Addirittura il consigliere laico di Forza Italia del Csm, Enrico Aimi è arrivato a proporre l’apertura di una pratica presso il Comitato di Presidenza del Consiglio Superiore della Magistratura mentre il ministro della Giustizia Carlo Nordio ha chiuso la serie di aberranti interventi: “Sono sconcertato, mi domando se l’esame psico-attitudinale che noi abbiamo proposto per l’inizio della carriera dei magistrati non sia necessario anche per la fine della carriera”.
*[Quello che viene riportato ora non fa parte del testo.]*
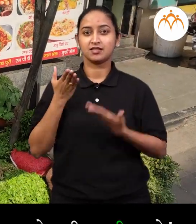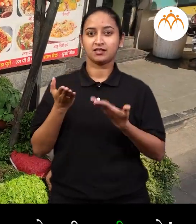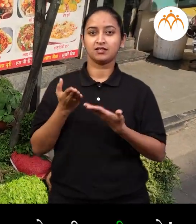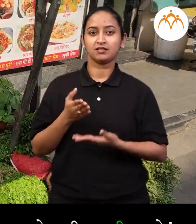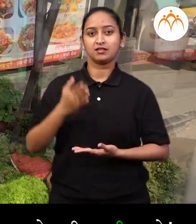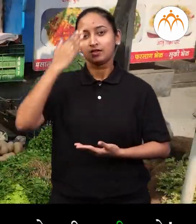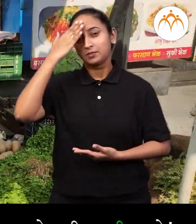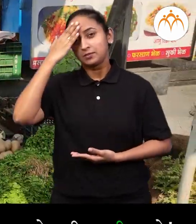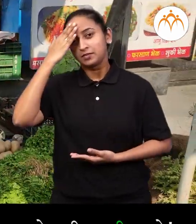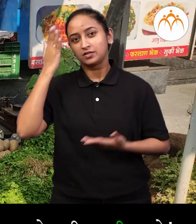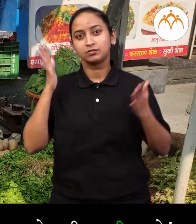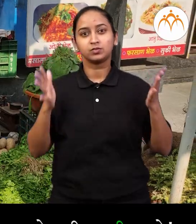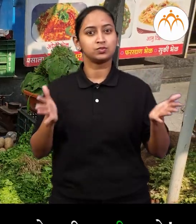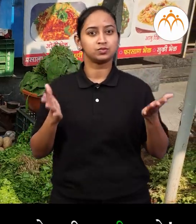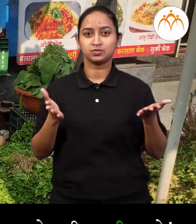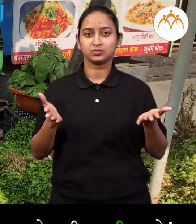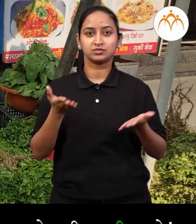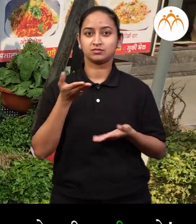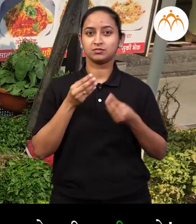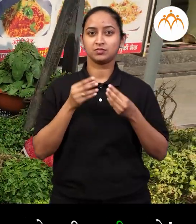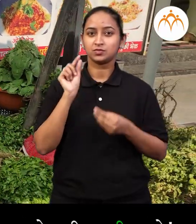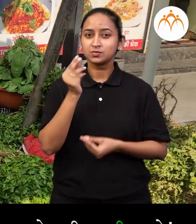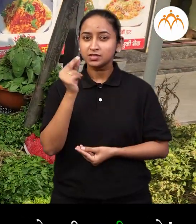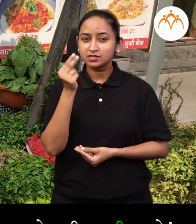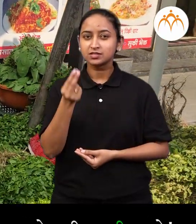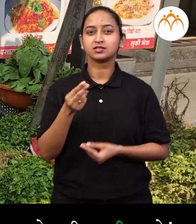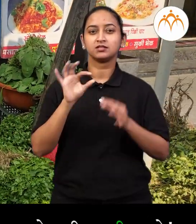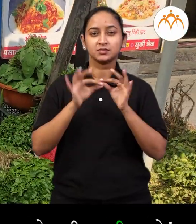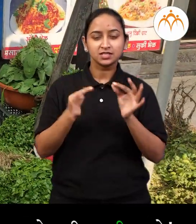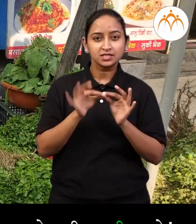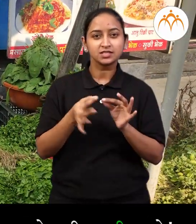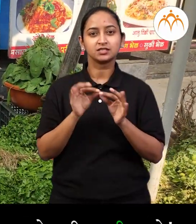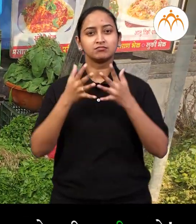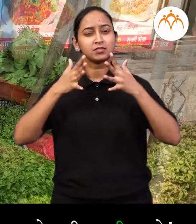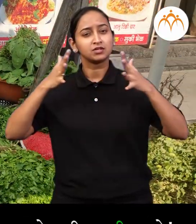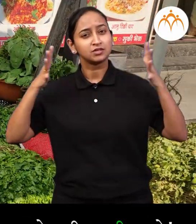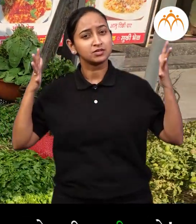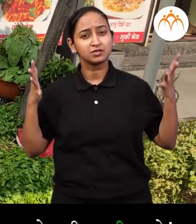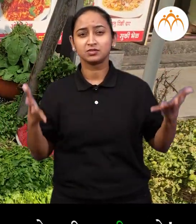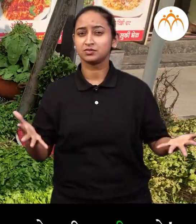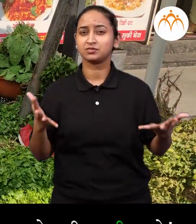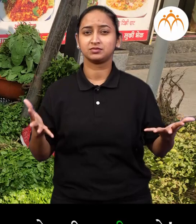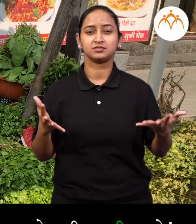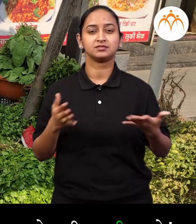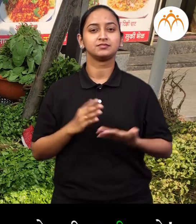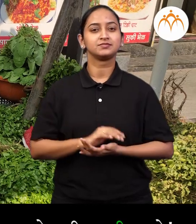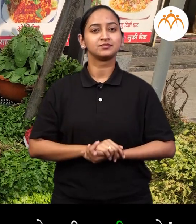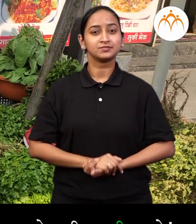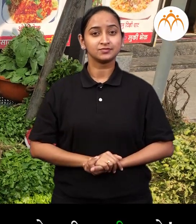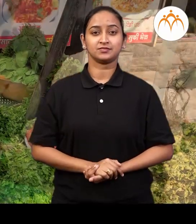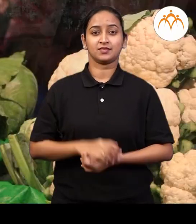बाप्रे या चकडे क्योडी भाजी आहे

Ma cosa ha detto di così grave il Procuratore di Napoli, che in Calabria ha indagato su mafie, massonerie e poteri deviati? Niente. Assolutamente niente.



vign gratteri ref giust


E' lo stesso Gratteri a ribadire il senso delle sue parole in una replica affidata al sito del Corriere della Sera: “Ho rilasciato due giorni fa un’intervista al Corriere della Calabria, un’intervista durata più di un’ora, nella quale, in una parte, abbiamo parlato ampiamente di quello che nei sette anni di mia permanenza alla Procura Distrettuale di Catanzaro ho fatto con i miei giovani colleghi e con la Polizia giudiziaria eccezionale, di altissimo livello. Abbiamo fatto cose importanti, indagini importanti e abbiamo ridato speranza ai calabresi. Premesso questo, parlando di Calabria e di ‘Ndrangheta ho detto che a mio parere voteranno sì certamente le persone a cui questo sistema conviene, quindi tutti i centri di potere che non vogliono essere controllati dalla magistratura, come ‘Ndrangheta, massoneria deviata. Per questo dico che i miei interventi non possono essere parcellizzati, non si può prendere un pezzettino. Io non ho detto, come strumentalmente si vuole far credere, che quelli che votano sì sono tutti appartenenti ai centri di potere, alla ‘Ndrangheta e alla massoneria deviata. Quindi chi interpreta diversamente quello che ho detto è in malafede e vuole, lui sì, alzare lo scontro. Ma io non ho nessun tipo di problema, perché il senso della paura l’ho superato 35 anni fa. Quindi state tranquilli tutti: non è con questi attacchi, con queste minacce, interrogazioni parlamentari, procedimenti disciplinari annunciati, che mi si mette a tacere".
Noi lo diciamo chiaro. Stiamo con Gratteri. Ed è evidente che i sistemi criminali appoggeranno questa riforma votando Sì. E come abbiamo già detto la volontà di questo governo fascista è quella di bloccare l'azione di magistrati come Nino Di Matteo, Luca Tescaroli, Giuseppe Lombardo, Sebastiano Ardita, Nicola Gratteri e tanti altri giovani magistrati, che non restano in silenzio e vogliono la verità sulle stragi e sconfiggere le criminalità del Paese.
Per questo al Procuratore Gratteri esprimiamo la massima solidarietà ed appoggio.